Mice/rats are supposed to be quite clever and catch on to some traps. I'm with Lorna, humane traps aren't worth it. And neither are those plug in things that are supposed to deter them. We live in the middle of nowhere too so have to keep an eye out come winter. The only things I've found that stop them is the poison, though I had to start mixing it in with other stuff to keep them interested. That and our new neighbours have a cat that is a master mouser/ratter so we've not had any sign of any since he moved in.

Chocolate is fantastic for bait.


----------



## LizzyB (Mar 25, 2003)

This is one agile mouse! 

Some of the chocolate had been nibbled but it must have climbed out again 

Going to order a trap of the internet that hopefully it can't get out of.
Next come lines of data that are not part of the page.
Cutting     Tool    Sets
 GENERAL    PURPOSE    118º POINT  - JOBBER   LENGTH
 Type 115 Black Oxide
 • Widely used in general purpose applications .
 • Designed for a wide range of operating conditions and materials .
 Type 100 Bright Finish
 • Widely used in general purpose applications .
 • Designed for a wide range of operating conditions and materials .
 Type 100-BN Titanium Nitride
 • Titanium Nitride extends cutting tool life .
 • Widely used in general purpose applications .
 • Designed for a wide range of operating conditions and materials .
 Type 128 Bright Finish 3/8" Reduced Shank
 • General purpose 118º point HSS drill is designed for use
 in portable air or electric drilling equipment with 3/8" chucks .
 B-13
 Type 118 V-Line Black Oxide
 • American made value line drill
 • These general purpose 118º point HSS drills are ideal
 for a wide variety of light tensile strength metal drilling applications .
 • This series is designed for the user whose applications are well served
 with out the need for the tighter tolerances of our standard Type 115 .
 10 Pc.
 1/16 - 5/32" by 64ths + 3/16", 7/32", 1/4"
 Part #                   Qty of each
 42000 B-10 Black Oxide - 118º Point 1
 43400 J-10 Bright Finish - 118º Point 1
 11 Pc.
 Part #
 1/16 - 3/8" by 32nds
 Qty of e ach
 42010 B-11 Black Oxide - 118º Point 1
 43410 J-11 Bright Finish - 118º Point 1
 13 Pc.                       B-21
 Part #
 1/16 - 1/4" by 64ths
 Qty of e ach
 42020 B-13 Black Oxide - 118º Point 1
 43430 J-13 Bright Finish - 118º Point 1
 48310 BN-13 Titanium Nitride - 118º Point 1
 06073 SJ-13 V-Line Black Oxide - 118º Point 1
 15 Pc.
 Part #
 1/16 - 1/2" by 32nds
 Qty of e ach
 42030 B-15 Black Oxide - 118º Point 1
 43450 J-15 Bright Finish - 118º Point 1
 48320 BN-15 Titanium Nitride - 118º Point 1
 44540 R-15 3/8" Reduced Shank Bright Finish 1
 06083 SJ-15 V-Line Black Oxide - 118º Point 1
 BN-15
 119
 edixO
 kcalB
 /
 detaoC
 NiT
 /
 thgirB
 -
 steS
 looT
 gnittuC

Karen ~ aw, shame about the mouse. Guess cats are the best way of getting rid of them! My old cat came back with a baby rabbit once...luckily he wanted to show me what he had done so i managed to save it and let it go 

xxx


----------



## Pol (Mar 9, 2007)

We had mice (or rather we only ever saw one, but I'm sure there must have been more) when we lived in a basement flat in London, and I took the view that if we had them probably the whole terrace had them, so they'd probably go where there was food ... so we made sure we never ever left anything, not even a crumb, out and it worked - they all went upstairs and bothered the 8 very noisy students living there instead    

Mind you we did move out about 6 months later - I'm not sure I could have lived like that for much longer!!

J


----------